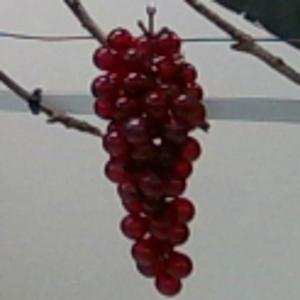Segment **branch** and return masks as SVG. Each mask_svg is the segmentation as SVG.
I'll use <instances>...</instances> for the list:
<instances>
[{
  "mask_svg": "<svg viewBox=\"0 0 300 300\" xmlns=\"http://www.w3.org/2000/svg\"><path fill=\"white\" fill-rule=\"evenodd\" d=\"M182 2L208 20L219 31L226 33L232 40L236 41L228 46L229 50L258 58L274 72L285 77L289 82L295 83L296 86H300V72L291 67L282 57L274 56L273 53L267 51V48L258 45L251 34H246L232 23H229L221 15L208 8L201 0H182Z\"/></svg>",
  "mask_w": 300,
  "mask_h": 300,
  "instance_id": "obj_1",
  "label": "branch"
},
{
  "mask_svg": "<svg viewBox=\"0 0 300 300\" xmlns=\"http://www.w3.org/2000/svg\"><path fill=\"white\" fill-rule=\"evenodd\" d=\"M0 82H2L10 91L16 95L17 99L28 106L29 112L34 116L40 113L47 115L46 125L59 124L64 129L73 130L89 136H96L100 139L105 135L97 126L90 125L88 121L79 120L74 117L65 116L49 108L43 101V90L41 87H35L33 92L29 93L25 88L18 85L9 75L0 69Z\"/></svg>",
  "mask_w": 300,
  "mask_h": 300,
  "instance_id": "obj_2",
  "label": "branch"
},
{
  "mask_svg": "<svg viewBox=\"0 0 300 300\" xmlns=\"http://www.w3.org/2000/svg\"><path fill=\"white\" fill-rule=\"evenodd\" d=\"M71 15L91 37L98 40V44L105 46L107 32L87 12L81 0H62Z\"/></svg>",
  "mask_w": 300,
  "mask_h": 300,
  "instance_id": "obj_3",
  "label": "branch"
},
{
  "mask_svg": "<svg viewBox=\"0 0 300 300\" xmlns=\"http://www.w3.org/2000/svg\"><path fill=\"white\" fill-rule=\"evenodd\" d=\"M211 128H212V124L209 123L208 120H207L206 123L203 126L197 128V129H200L203 133H205V135H208L209 130Z\"/></svg>",
  "mask_w": 300,
  "mask_h": 300,
  "instance_id": "obj_4",
  "label": "branch"
}]
</instances>
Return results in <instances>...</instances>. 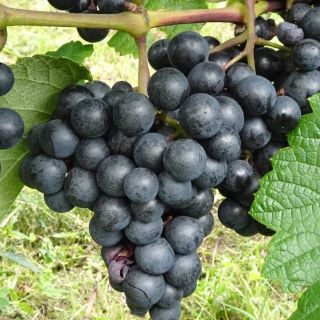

◆ Problem description
Please repeat the records above exactly, omitting any pictures they contain.

◆ Solution for this exercise
Segment **branch** and return masks as SVG. Each mask_svg is the segmentation as SVG.
I'll use <instances>...</instances> for the list:
<instances>
[{
  "mask_svg": "<svg viewBox=\"0 0 300 300\" xmlns=\"http://www.w3.org/2000/svg\"><path fill=\"white\" fill-rule=\"evenodd\" d=\"M182 2L208 20L219 31L226 33L232 40L236 41L228 46L229 50L258 58L274 72L285 77L289 82L295 83L296 86H300V72L291 67L282 57L274 56L273 53L267 51V48L258 45L251 34H246L232 23H229L221 15L208 8L201 0H182Z\"/></svg>",
  "mask_w": 300,
  "mask_h": 300,
  "instance_id": "obj_1",
  "label": "branch"
},
{
  "mask_svg": "<svg viewBox=\"0 0 300 300\" xmlns=\"http://www.w3.org/2000/svg\"><path fill=\"white\" fill-rule=\"evenodd\" d=\"M0 82H2L10 91L16 95L17 99L28 106L29 112L34 116L40 113L47 115L46 125L59 124L64 129L73 130L89 136H96L100 139L105 135L97 126L90 125L88 121L79 120L74 117L65 116L49 108L43 101V90L41 87H35L33 92L29 93L25 88L18 85L9 75L0 69Z\"/></svg>",
  "mask_w": 300,
  "mask_h": 300,
  "instance_id": "obj_2",
  "label": "branch"
},
{
  "mask_svg": "<svg viewBox=\"0 0 300 300\" xmlns=\"http://www.w3.org/2000/svg\"><path fill=\"white\" fill-rule=\"evenodd\" d=\"M71 15L91 37L98 40V44L105 46L107 32L87 12L81 0H62Z\"/></svg>",
  "mask_w": 300,
  "mask_h": 300,
  "instance_id": "obj_3",
  "label": "branch"
},
{
  "mask_svg": "<svg viewBox=\"0 0 300 300\" xmlns=\"http://www.w3.org/2000/svg\"><path fill=\"white\" fill-rule=\"evenodd\" d=\"M211 128H212V124L209 123L208 120H207L206 123L203 126L197 128V129H200L203 133H205V135H208L209 130Z\"/></svg>",
  "mask_w": 300,
  "mask_h": 300,
  "instance_id": "obj_4",
  "label": "branch"
}]
</instances>
Return results in <instances>...</instances>. 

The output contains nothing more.